Since the first workshop on scene understanding, the concepts of scene description and scene understanding have been clearly defined, highlighting the forward-looking and innovative nature of scene recognition research. Consequently, scholars and experts have conducted extensive research on scene recognition algorithms, integrating them with algorithms from other fields, leading to the emergence of numerous scene recognition algorithms. Traditional algorithms and deep learning-based algorithms are the two main components of current scene recognition research.

(1): Traditional Scene Recognition Algorithms

Scene recognition involves assigning scene category labels to images based on object features to perceive the scene. Traditional scene recognition algorithms use manually designed feature operators to recognize and classify scenes based on low-level features such as shape, texture, and color, including Scale Invariant Feature Transform (SIFT) [10], GIST [11], Histogram of Oriented Gradient (HOG) [12], and CENTRIST [13]. SIFT, also known as scale-invariant feature transform, maintains feature invariance under image rotation, scaling, brightness adjustment, viewpoint change, and affine transformation. Its advantage lies in maintaining stable local features and generating a large number of features even with a small number of samples, facilitating fusion with other feature vectors. GIST, also known as spatial envelope features, does not require image processing or local feature extraction but uses global features to perceive scenes, enabling rapid scene recognition and classification. HOG, also known as gradient histogram features, accurately describes features in densely overlapping local regions of an image. It uses gradient histograms of local regions to describe image features, effectively avoiding changes in lighting and image shifts, and providing a good description of object edge information. These feature operators are simple to implement but have low detection accuracy. Bag of Visual Words (BOVW) [14], also known as the bag-of-words model for scene recognition, encodes images by transforming prominent features into text information and integrating them into text combinations, classifying images based on the frequency of text occurrences. Spatial Pyramid Matching (SPM) [15] is a spatial pyramid-based image recognition and classification algorithm that perceives local image information by statistically analyzing feature point distributions at different resolutions. Compared to the BOVW model, the Fisher Vector (FV) [16] model is more sensitive to deep semantic information, generating a probability dictionary and calculating mean, variance, and weights to provide a richer description of image features. These methods improve recognition accuracy but are slow, failing to meet practical detection requirements.

Scene images contain complex and diverse objects, making it difficult for single features to effectively describe the entire image. Therefore, many experts and scholars have proposed feature fusion methods to combine single features for better scene perception. Bai [17] fused SIFT features with Local Binary Pattern (LBP) features, creating encoded text based on SIFT and LBP features in images and organizing the features into a two-dimensional table to recognize and classify scenes based on each feature’s encoded value, significantly improving scene recognition performance.
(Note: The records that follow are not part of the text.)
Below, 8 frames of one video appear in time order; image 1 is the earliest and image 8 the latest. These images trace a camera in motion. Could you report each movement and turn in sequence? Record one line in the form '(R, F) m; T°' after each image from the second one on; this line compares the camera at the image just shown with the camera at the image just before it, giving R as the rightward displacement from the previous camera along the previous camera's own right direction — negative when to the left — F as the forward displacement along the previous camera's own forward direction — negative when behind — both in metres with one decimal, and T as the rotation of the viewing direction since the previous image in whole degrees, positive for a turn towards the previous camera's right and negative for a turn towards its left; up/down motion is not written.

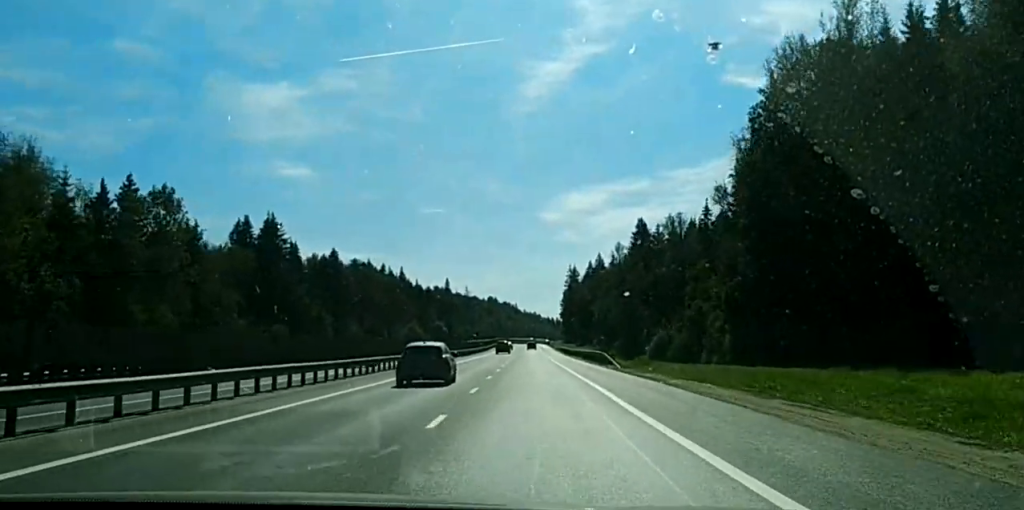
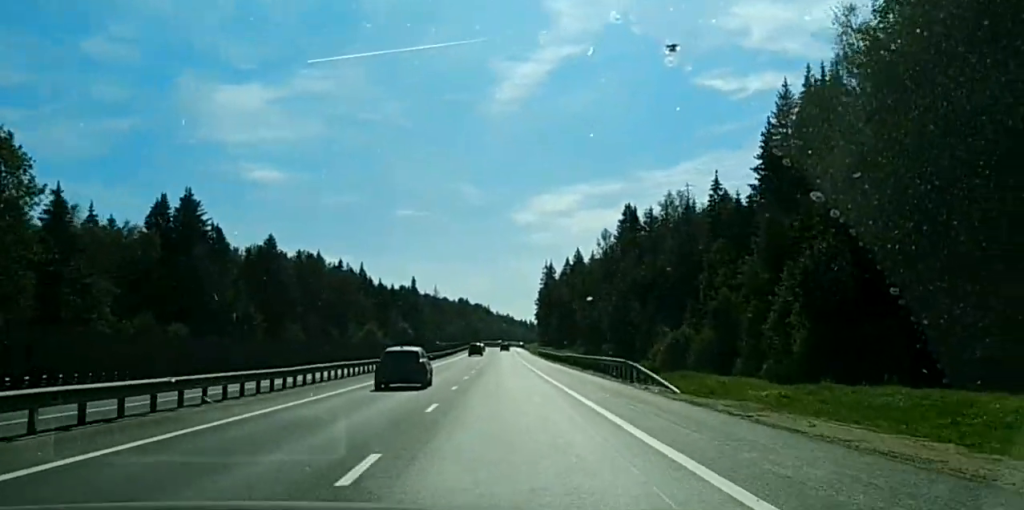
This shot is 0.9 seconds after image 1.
(0.0, +28.8) m; 0°
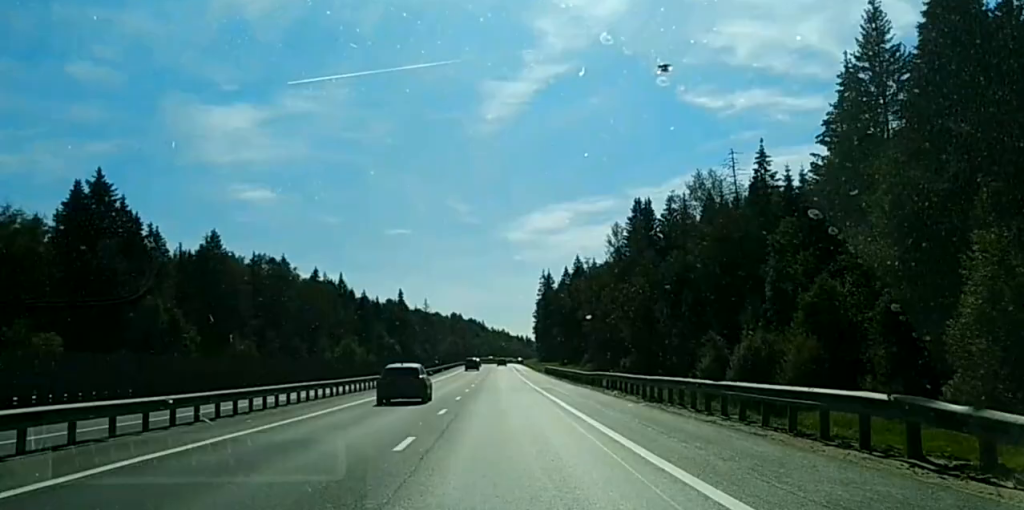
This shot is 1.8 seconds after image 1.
(-0.2, +29.0) m; -1°
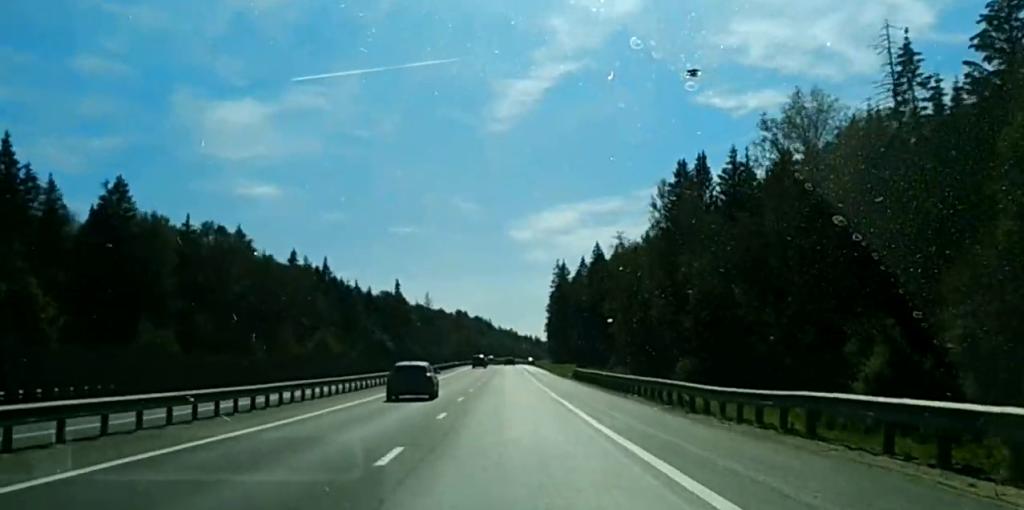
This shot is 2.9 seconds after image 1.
(-0.4, +38.4) m; -1°
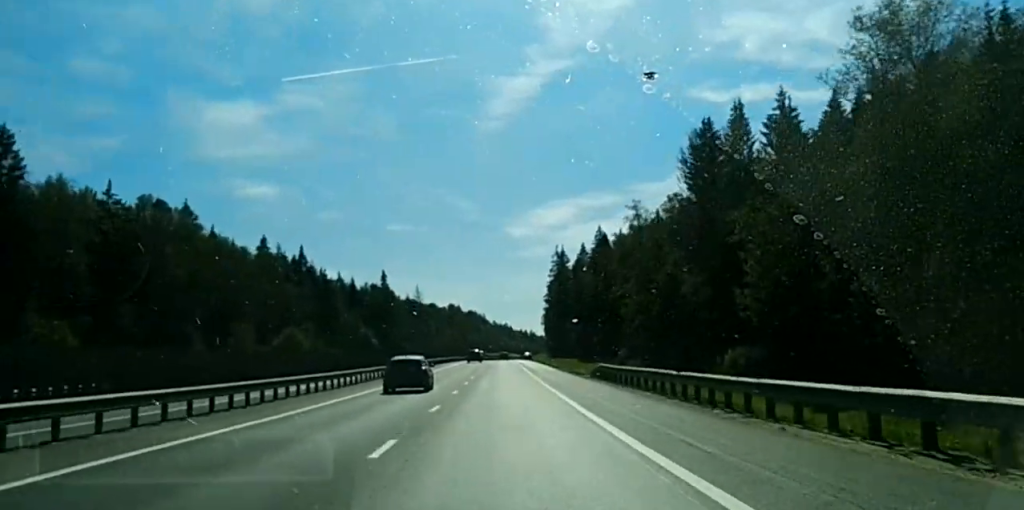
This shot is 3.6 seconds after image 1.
(-0.5, +23.8) m; 0°
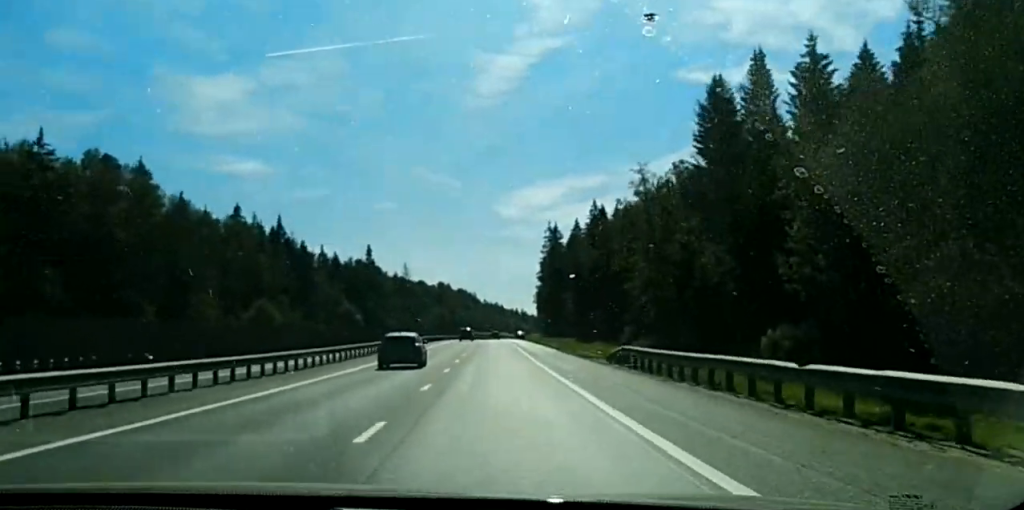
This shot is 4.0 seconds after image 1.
(+0.3, +13.1) m; 0°
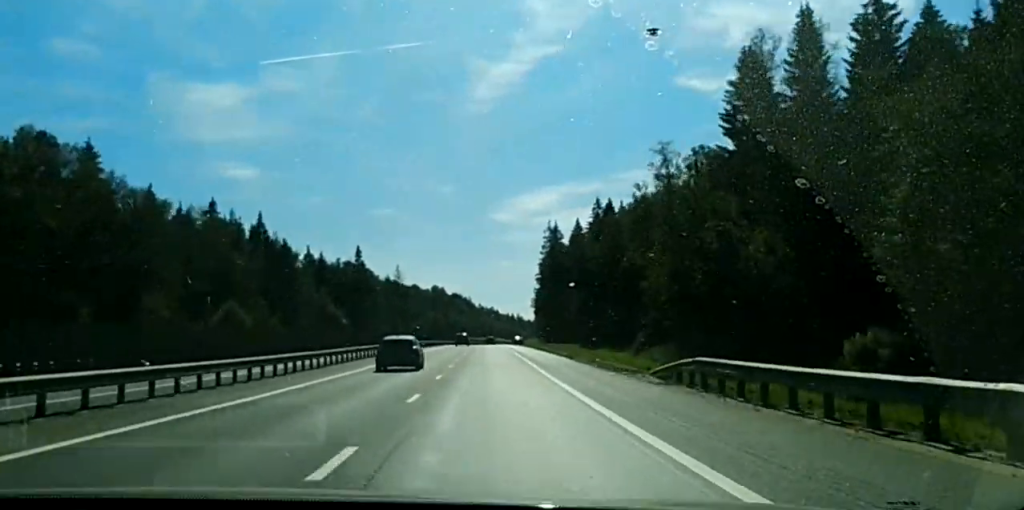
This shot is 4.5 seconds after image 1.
(+0.2, +14.5) m; 0°
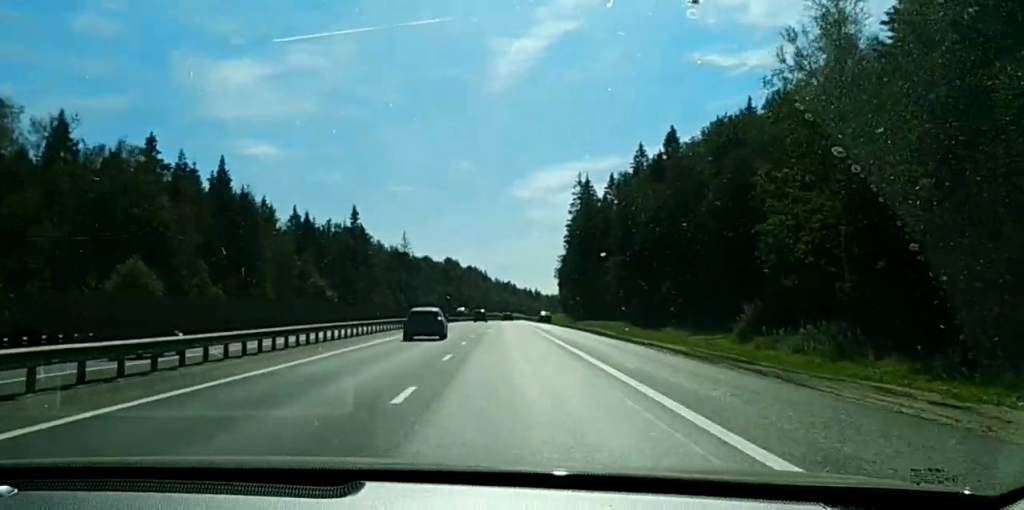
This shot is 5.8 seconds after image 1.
(-0.2, +42.9) m; 0°

Ding et al. [18] proposed a scene classification algorithm based on multi-feature fusion and deep belief networks, first extracting color, texture, and shape features from images and fusing these basic features, then using the fused information as input data for a deep belief network model to train samples and achieve scene classification. Shrinivasa et al. [19] proposed a global image representation method for scene recognition, representing scene images with local transform histograms, an extended version of basic transform histograms. Local transforms include local difference sign and magnitude information, and due to strong constraints between adjacent transform values, histograms and spatial pyramids can be fused to capture global structural information, thereby perceiving the scene in images.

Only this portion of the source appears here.